Santunan Dimanfaatkan untuk Biaya Pendidikan dan Modal Usaha
Ahli waris korban meninggal saat gempa bumi, tsunami, dan likuefaksi di Sulawesi Tengah mulai menerima dana santunan yang dikucurkan pemerintah. Dana itu digunakan untuk berbagai keperluan ahli waris, mulai dari biaya pendidikan anak hingga modal usaha.
Oleh
VIDELIS JEMALI
·3 menit baca
SIGI, KOMPAS — Ahli waris korban meninggal saat gempa bumi, tsunami, dan likuefaksi di Sulawesi Tengah mulai menerima dana santunan yang dikucurkan pemerintah. Dana itu digunakan untuk berbagai keperluan ahli waris, mulai dari biaya pendidikan anak hingga modal usaha.
Sofianti (33), salah seorang dari sembilan ahli waris yang mewakili ahli waris lainnya, menerima penyerahan santunan itu di Desa Kotapulu, Kecamatan Dolo, Kabupaten Sigi, Sulteng, Jumat (10/5/2019). Ia berhak mendapatkan santunan Rp 15 juta atas kematian suaminya saat likuefaksi di Kelurahan Petobo, Kecamatan Palu Selatan, Kota Palu, 28 September 2019. Saat itu, suaminya sedang mengerjakan rumah orang.
”Saya akan pakai uang ini untuk biaya pendidikan anak sulung saya. Saya tidak tahu sampai ke jenjang apa. Setidaknya ada harapan pasti untuk biaya sekolah,” ujar Sofianti, asal Desa Kapiroe, Kecamatan Palolo, saat ditanya penggunaan uang santunan.
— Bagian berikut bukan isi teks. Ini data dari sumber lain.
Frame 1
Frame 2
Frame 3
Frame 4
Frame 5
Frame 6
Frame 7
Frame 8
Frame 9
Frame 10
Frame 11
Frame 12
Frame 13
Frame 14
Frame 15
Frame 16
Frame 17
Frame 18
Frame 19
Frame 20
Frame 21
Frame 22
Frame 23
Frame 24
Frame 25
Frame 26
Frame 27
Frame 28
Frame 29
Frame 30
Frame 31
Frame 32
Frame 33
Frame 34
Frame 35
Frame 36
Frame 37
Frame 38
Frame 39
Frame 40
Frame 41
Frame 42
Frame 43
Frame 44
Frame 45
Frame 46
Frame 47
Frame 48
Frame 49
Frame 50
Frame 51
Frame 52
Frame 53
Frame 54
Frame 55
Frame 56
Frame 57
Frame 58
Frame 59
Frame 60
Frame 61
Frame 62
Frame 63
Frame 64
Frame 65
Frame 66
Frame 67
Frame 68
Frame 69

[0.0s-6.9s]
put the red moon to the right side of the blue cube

Delapan bulan pascabencana, pemerintah akhirnya menyalurkan dana santunan untuk korban meninggal yang besarnya Rp 15 juta per jiwa. Penyaluran dana melalui sejumlah bank. Ahli waris menerima buku tabungan yang berisi nominal uang santunan.
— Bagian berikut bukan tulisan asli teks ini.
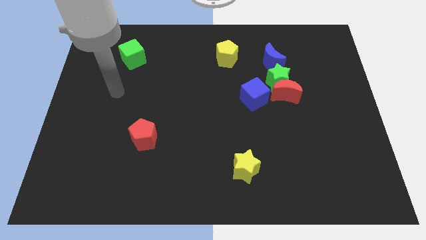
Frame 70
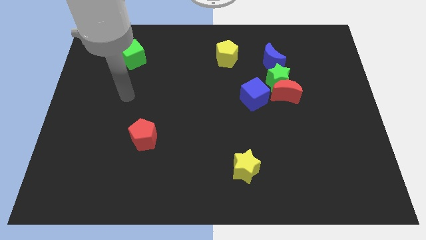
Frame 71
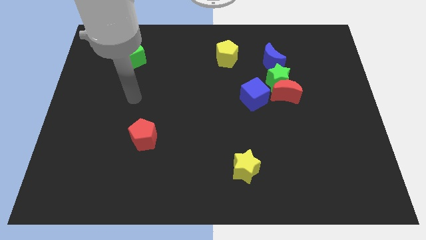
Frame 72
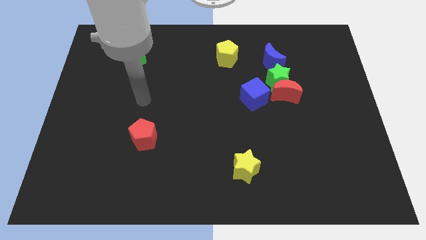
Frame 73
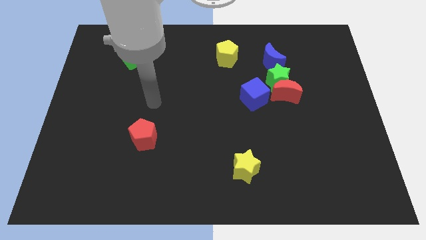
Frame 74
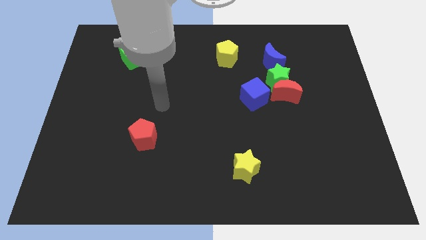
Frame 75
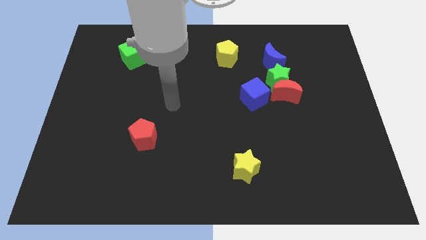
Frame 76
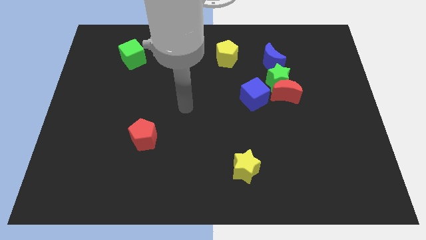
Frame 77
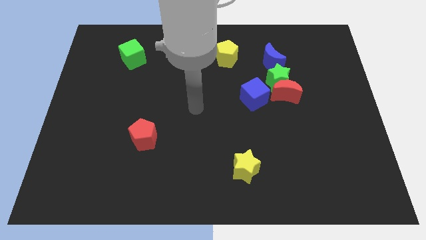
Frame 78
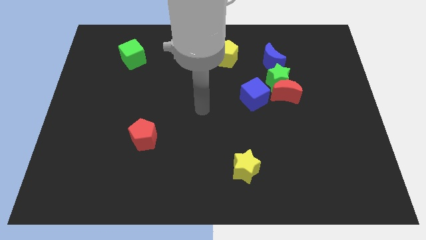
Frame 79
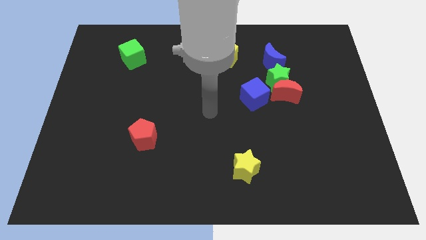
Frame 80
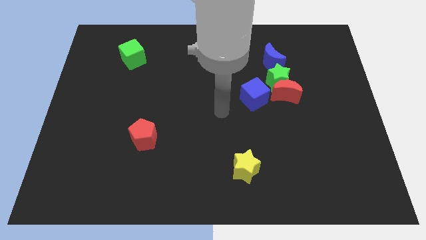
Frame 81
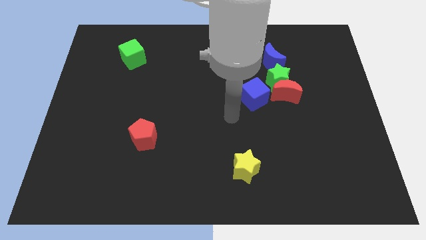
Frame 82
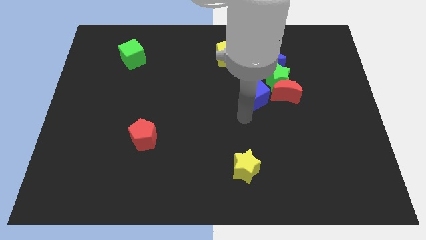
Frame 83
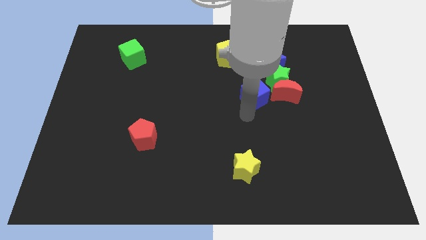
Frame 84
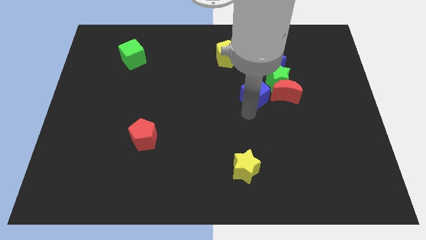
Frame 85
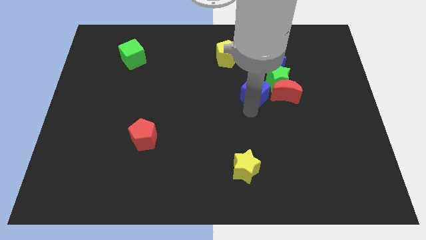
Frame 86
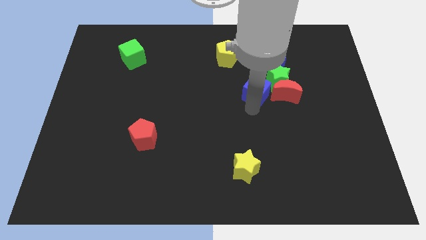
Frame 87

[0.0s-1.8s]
slide the blue cube to the top left side of the red moon

Saya akan pakai uang ini untuk biaya pendidikan anak sulung saya. Saya tidak tahu sampai ke jenjang apa. Setidaknya ada harapan pasti untuk biaya sekolah. (Sofianti)
Penyaluran tahap pertama untuk 1.906 korban meninggal dari total 4.800 korban meninggal akibat gempa, tsunami, dan likuefaksi di Kabupaten Sigi, Donggala, Parigi Moutong, dan Kota Palu. Untuk ahli waris lainnya, dana disalurkan setelah diverifikasi oleh tim dari Kementerian Sosial.
Anak sulung Sofianti saat ini duduk di kelas VIII sekolah menengah pertama. Satu anaknya lagi masih di tingkat sekolah dasar, satu lainnya balita.
Menyambi
Sofianti menuturkan, suaminya sering bilang anak-anak harus sekolah. Ia menyambi tukang bangunan untuk menambah pendapatan keluarga, termasuk untuk kebutuhan pendidikan anak sulung mereka. ”Saya berusaha untuk memenuhi keinginan almarhum suami saya,” katanya. Keluarga Sofianti mengolah 0,5 hektar sawah warisan orangtua di Palolo.
Asniati (48), ahli waris penerima santunan lainnya, akan menggunakan uang itu untuk modal usaha. Selama ini, dia beternak ayam kampung dalam jumlah sedikit. ”Dengan uang ini, modal bisa bertambah. Semoga usaha semakin berkembang. Ini cara kami untuk mengenang anak kami yang meninggal,” ujarnya. Anak bungsunya meninggal disapu tsunami di Teluk Palu.
Direktur Perlindungan Sosial Bencana Alam Kementerian Sosial Margo Wiyono, yang menyerahkan santunan, berharap dana itu meringankan duka ahli waris bersama keluarganya. Santunan duka korban meninggal akibat bencana alam merupakan hak ahli waris yang diamatkan peraturan.
Dengan uang ini, modal bisa bertambah. Semoga usaha semakin berkembang. Ini cara kami untuk mengenang anak kami yang meninggal. (Asniati)
Ia mengakui penyaluran dana memang lamban. Namun, kelambanan itu lebih karena proses yang harus dilalui, seperti verifikasi data baik korban maupun ahli waris, agar santunan tepat sasar. ”Kami tak ingin terjadi masalah saat penyaluran dana. Ini bagian dari akuntabilitas dan transparansi,” katanya.
Terkait dengan pencairan tahap selanjutnya, Margo belum bisa memastikan waktunya. Pencairan tergantung cepat atau lambatnya hasil verifikasi. Tim sedang bekerja untuk memastikan data korban dan ahli warisnya.